# Pareto-like Sequential Sampling (PSS) Algorithm - Convergence Analysis
## 2D Schwefel function as an example
---

Authors: [Mahmoud Shaqfa](mailto:mahmoud.shaqfa@epfl.ch), 
[Katrin Beyer](mailto:katrin.beyer@epfl.ch)

---

This additional sheet demonstrates the convergence analysis of Schwefel function as a 2D optimization problem ($n=2$).
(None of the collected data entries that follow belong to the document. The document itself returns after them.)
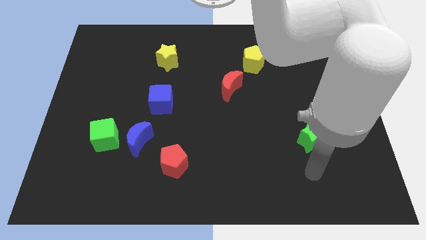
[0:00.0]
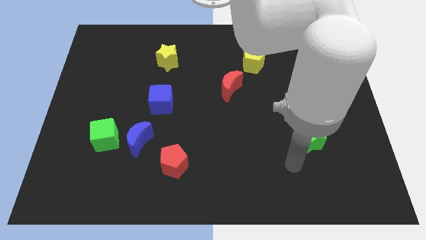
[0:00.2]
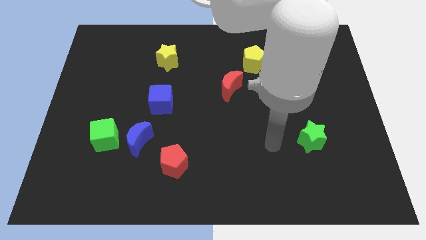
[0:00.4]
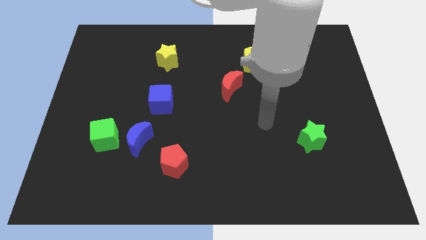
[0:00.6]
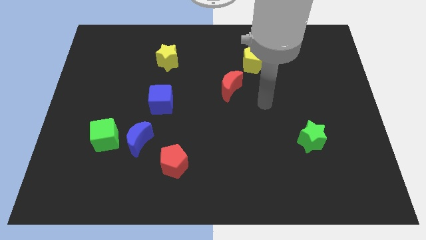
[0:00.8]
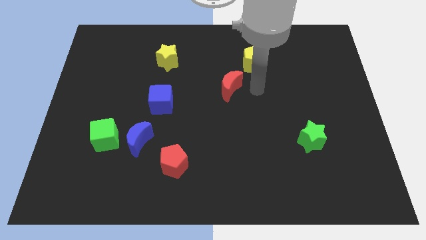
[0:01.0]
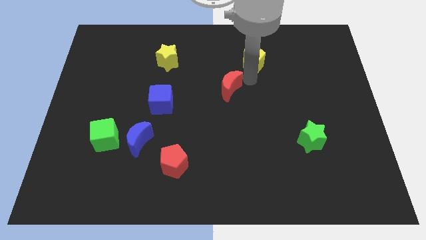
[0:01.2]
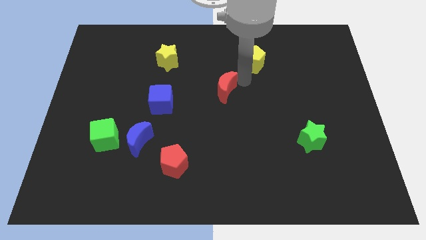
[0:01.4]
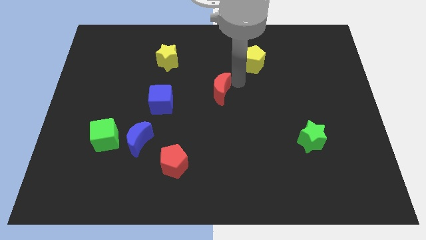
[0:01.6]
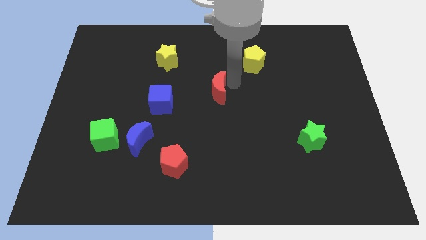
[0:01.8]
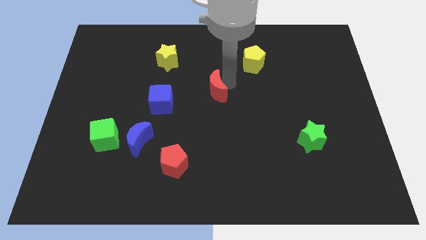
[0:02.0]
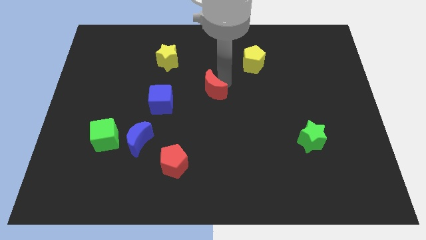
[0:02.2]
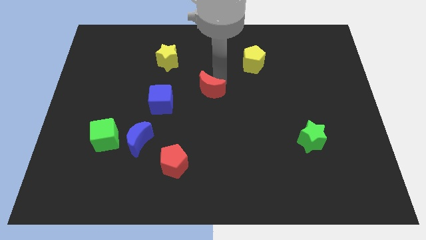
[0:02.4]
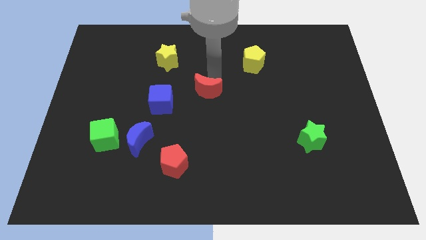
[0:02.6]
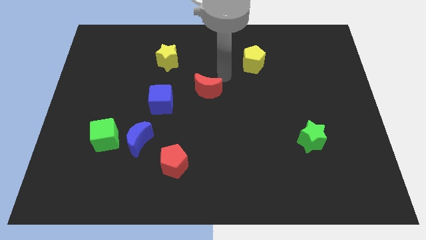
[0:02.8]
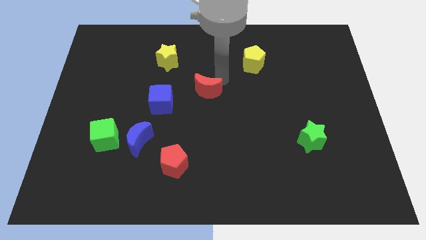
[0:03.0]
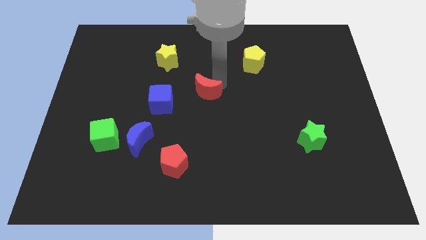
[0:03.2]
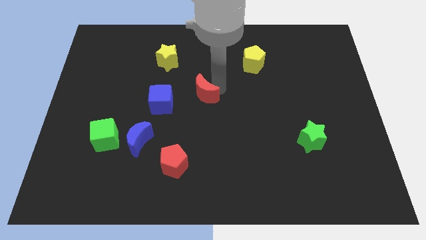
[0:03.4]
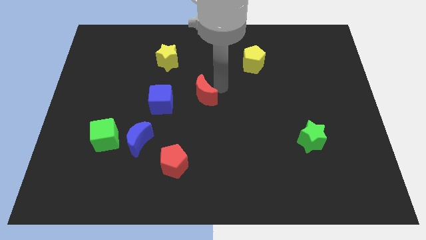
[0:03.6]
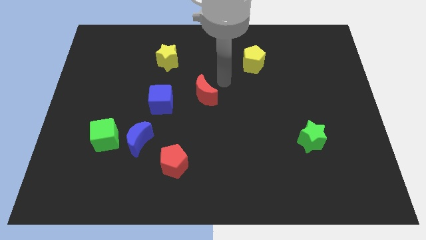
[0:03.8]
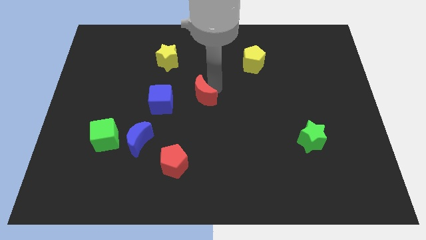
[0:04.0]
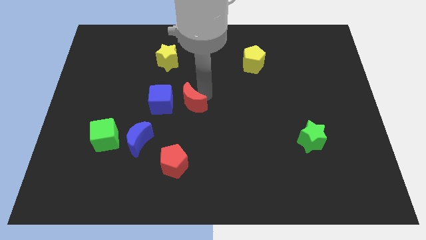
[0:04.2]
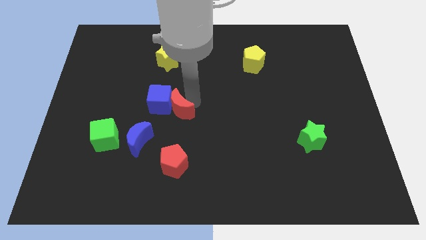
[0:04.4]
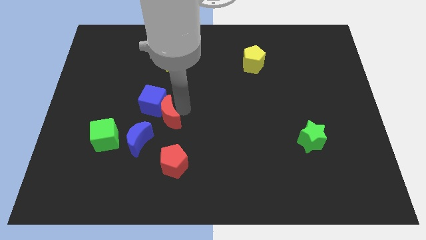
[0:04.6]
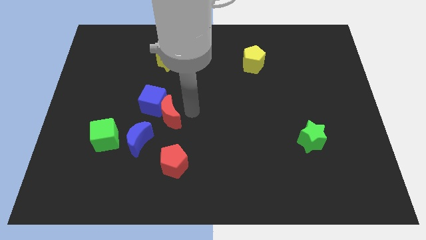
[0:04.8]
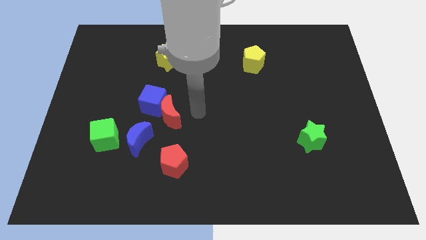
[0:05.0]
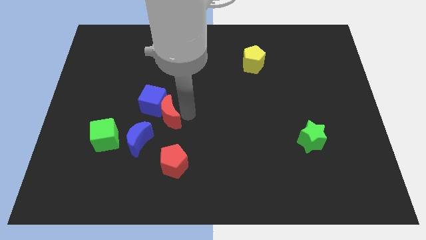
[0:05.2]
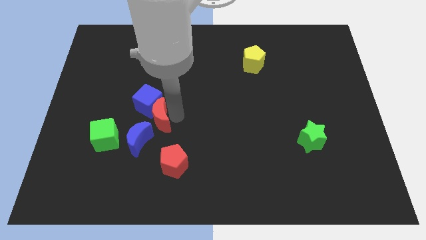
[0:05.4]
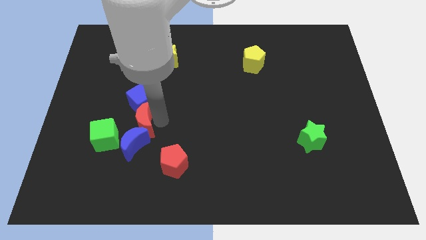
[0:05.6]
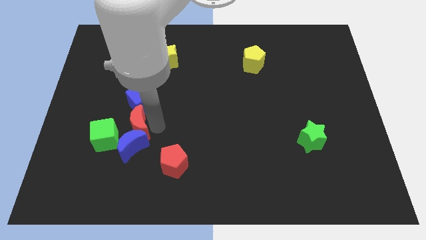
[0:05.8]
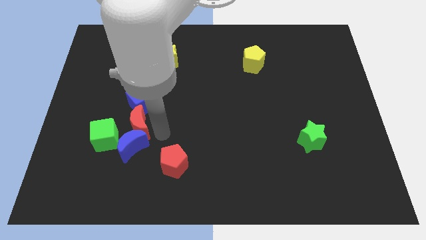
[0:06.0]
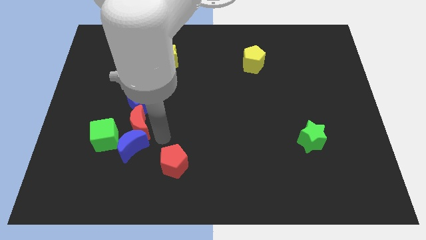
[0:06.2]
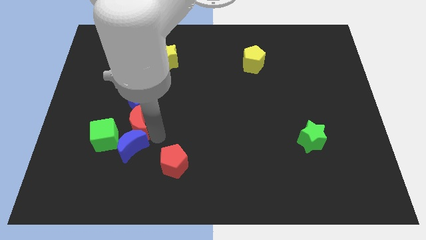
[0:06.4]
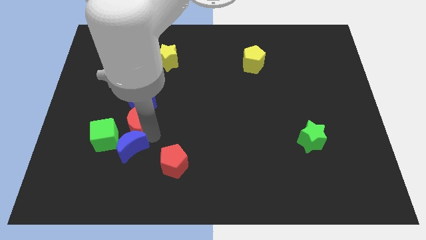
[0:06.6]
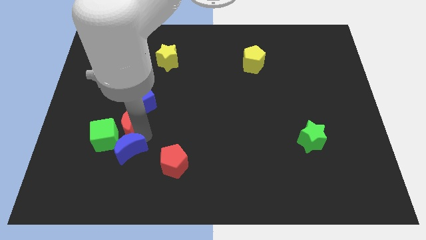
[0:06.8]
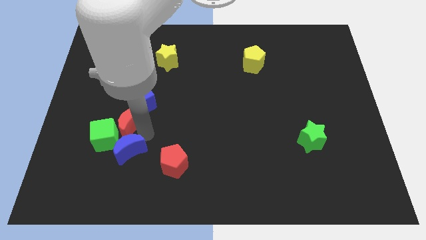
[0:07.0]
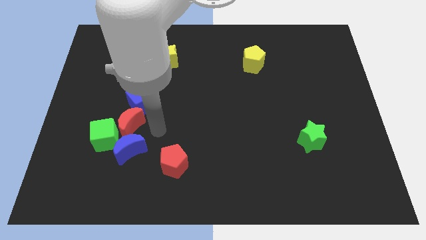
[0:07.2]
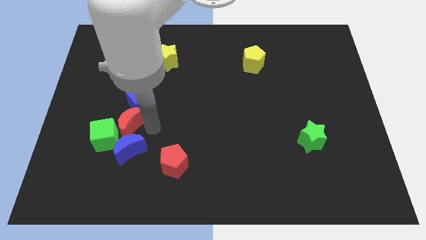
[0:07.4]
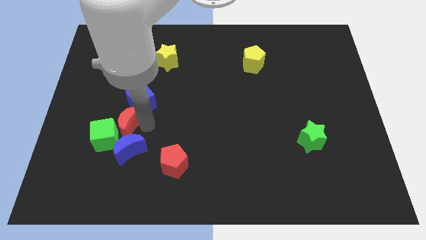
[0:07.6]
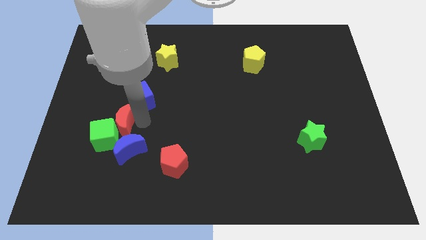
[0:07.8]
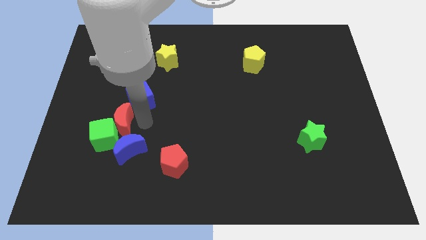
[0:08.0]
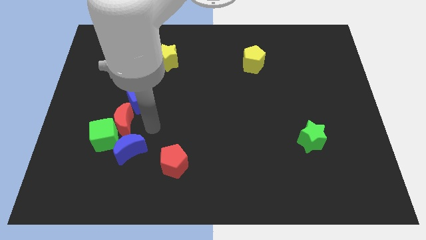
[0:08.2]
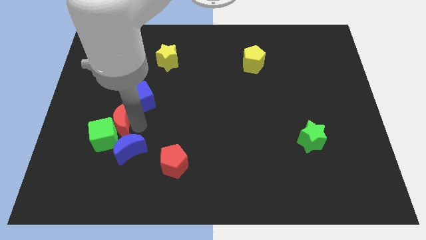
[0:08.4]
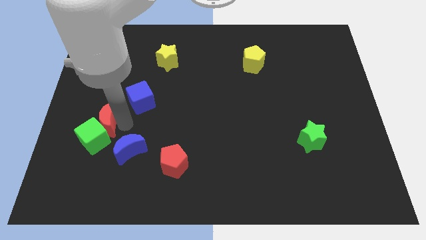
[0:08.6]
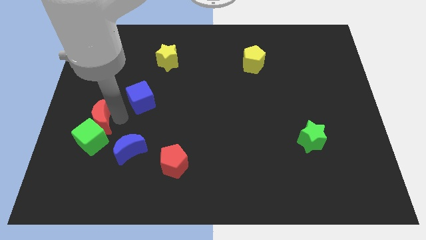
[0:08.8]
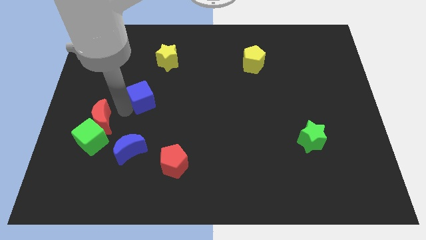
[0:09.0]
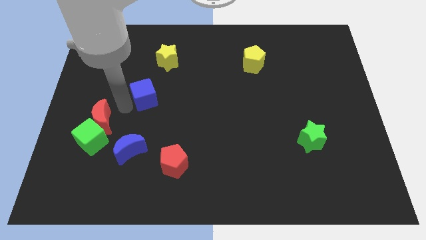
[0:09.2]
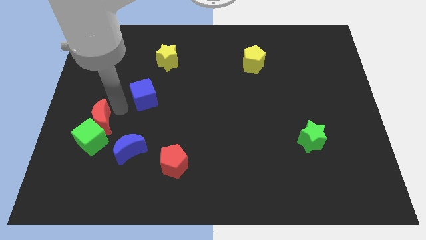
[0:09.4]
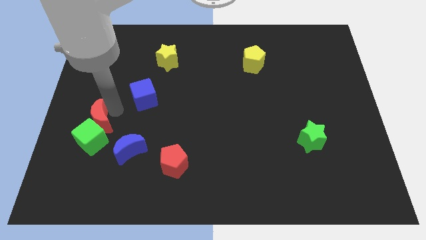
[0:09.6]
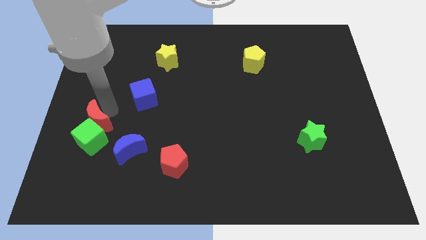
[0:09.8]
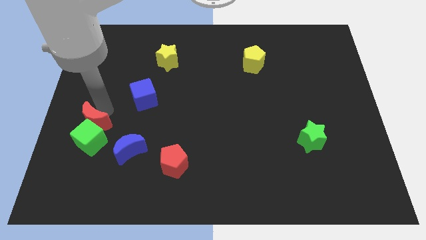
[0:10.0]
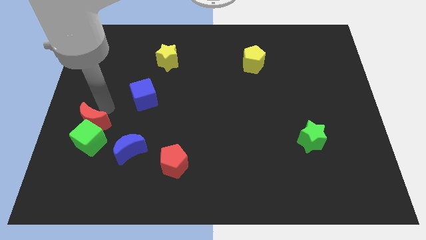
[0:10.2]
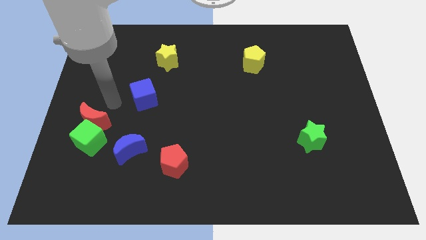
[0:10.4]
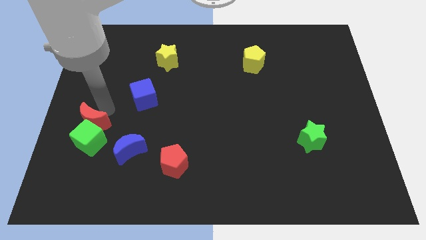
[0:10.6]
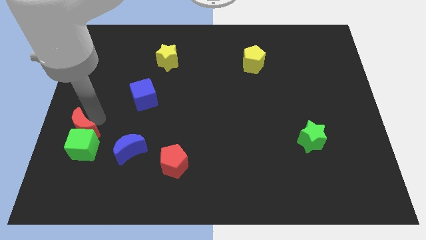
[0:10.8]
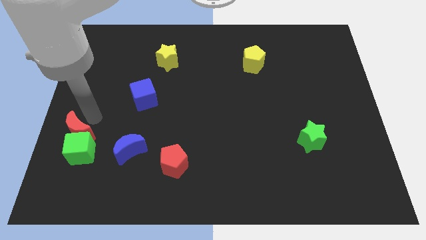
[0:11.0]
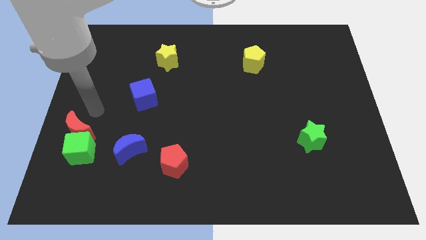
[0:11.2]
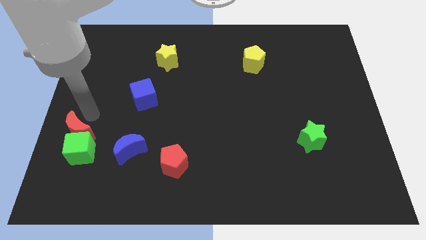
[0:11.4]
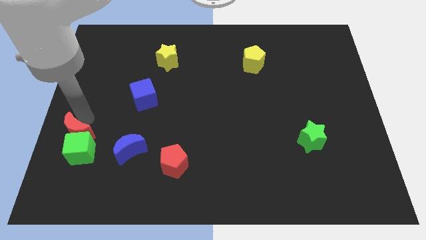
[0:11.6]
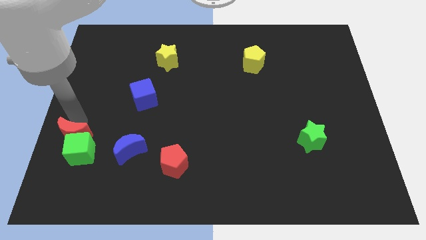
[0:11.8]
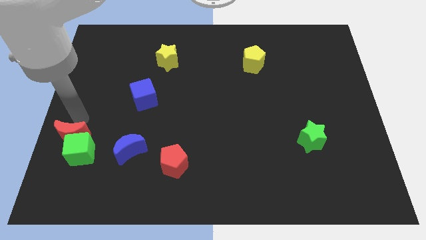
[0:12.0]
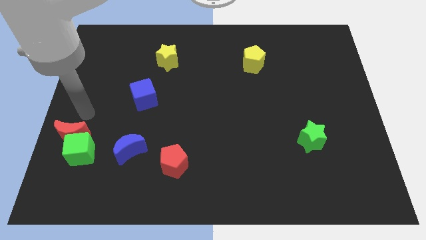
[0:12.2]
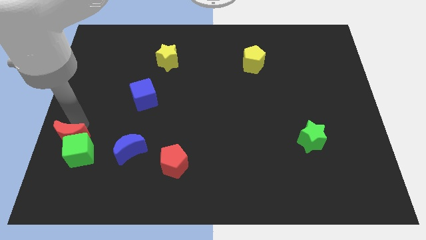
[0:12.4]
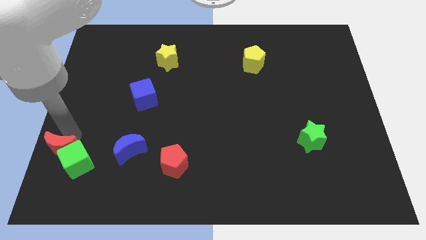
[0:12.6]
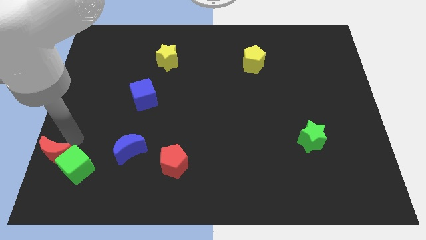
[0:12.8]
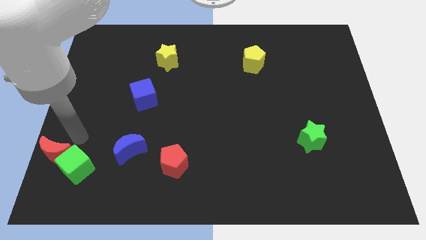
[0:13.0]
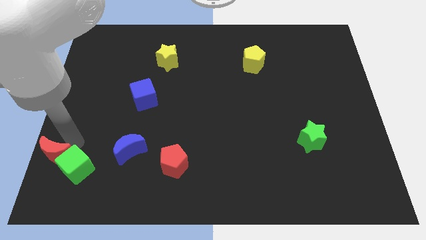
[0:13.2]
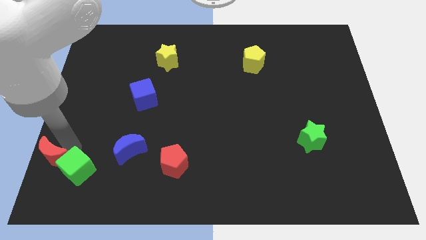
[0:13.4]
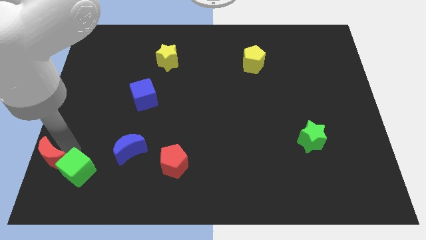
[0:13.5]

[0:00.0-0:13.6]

$f(x_1, x_2) = 418.9829 \times 2 - x_1 sin(\sqrt{|x_1|})- x_2 sin(\sqrt{|x_2|}).$

## Plot Schwefel function and find the true prominent region
Schwefel function in a multimodal non-convex function with n-dimensions. It is considered as one of the hard standard benchmarks for global optimization algorithms. Normally, this function is defined on the hypercube domain $\in [-500, 500]^{n}$. The exact answer for this function is when $x_j = 420.9687$, $~\forall~ j = 1, \dots, n$.

In [None]:
# Load Python 3.6 preambles
import numpy as np
import numpy.matlib 
import matplotlib.pyplot as plt
from mpl_toolkits import mplot3d
from matplotlib import ticker, cm
from matplotlib.ticker import MaxNLocator
plt.rcParams['text.usetex'] = True
from IPython.display import set_matplotlib_formats
set_matplotlib_formats('pdf')

# Define Schwefel function -- 2D only
def schwefel(x, y):
    return 418.9829 * 2. - x * np.sin(np.sqrt(np.abs(x))) -\
        y * np.sin(np.sqrt(np.abs(y)))

# Prepare for plots - initialization and pre-allocation
step = 1.; # Step size (the plot accuracy)
grid = np.linspace(-500., 500., np.int((500. - -500.)/step))
X, Y = np.meshgrid(grid, grid)
Z = schwefel(X, Y)
y = 418.9829 - grid * np.sin(np.sqrt(np.abs(grid)))
y2 = np.ones([len(y), 1]) * 118.4384 # The line that marks the best local optimum

In [None]:
# Plot 3D surface
fig = plt.figure(dpi= 200)
ax = plt.axes(projection = '3d')
ax.plot_surface(X, Y, Z,cmap=cm.coolwarm, edgecolor='black',\
                linewidth = 0.3, alpha = 0.7, shade = True)
plt.xlabel(r'$x_1$')
plt.ylabel(r'$x_2$')
plt.title(r'$3D~surface~f(x_1, x_2)$')
plt.show()

# Plot 2D contour
fig = plt.figure(dpi= 200)
cp = plt.contour(X, Y, Z, 50, cmap='RdGy')
plt.xlabel(r'$x_1$')
plt.ylabel(r'$x_2$')
plt.title(r'$2D~contour~f(x_1, x_2)$')
plt.colorbar()
plt.show()

# Plot the distribution of one x_1 vs the f(x1)
fig = plt.figure(dpi= 200)
plt.xlabel(r'$x_1$')
plt.ylabel(r'$f(x_1)$')
plt.xlim([-500., 500.])
plt.grid()
plt.plot(grid, y, 'k')
plt.plot(grid, y2, 'r--')
plt.fill_between(grid, y, y2[:,0]\
    , facecolor='lightblue', where= y < y2[:,0])
plt.text(-200, 130, 'Marks the best local optima')
plt.title('The true prominent region')
plt.annotate(r"$\Omega^{'}$", xy=(400, 70), xytext=(300, 0),
    arrowprops=dict(arrowstyle="->"))
plt.show()

---
## The probability of finding good solutions at the initial population step
### The effects of scalability and population size ($\beta$) on the initial population sampling
After we define the location of the best local minimum, we can accordingly define the true prominent domain for the design variable. The true prominent domain in Schwefel is $\Omega^{'} \in [389.33, 452.16]$ per design variable $x_j$.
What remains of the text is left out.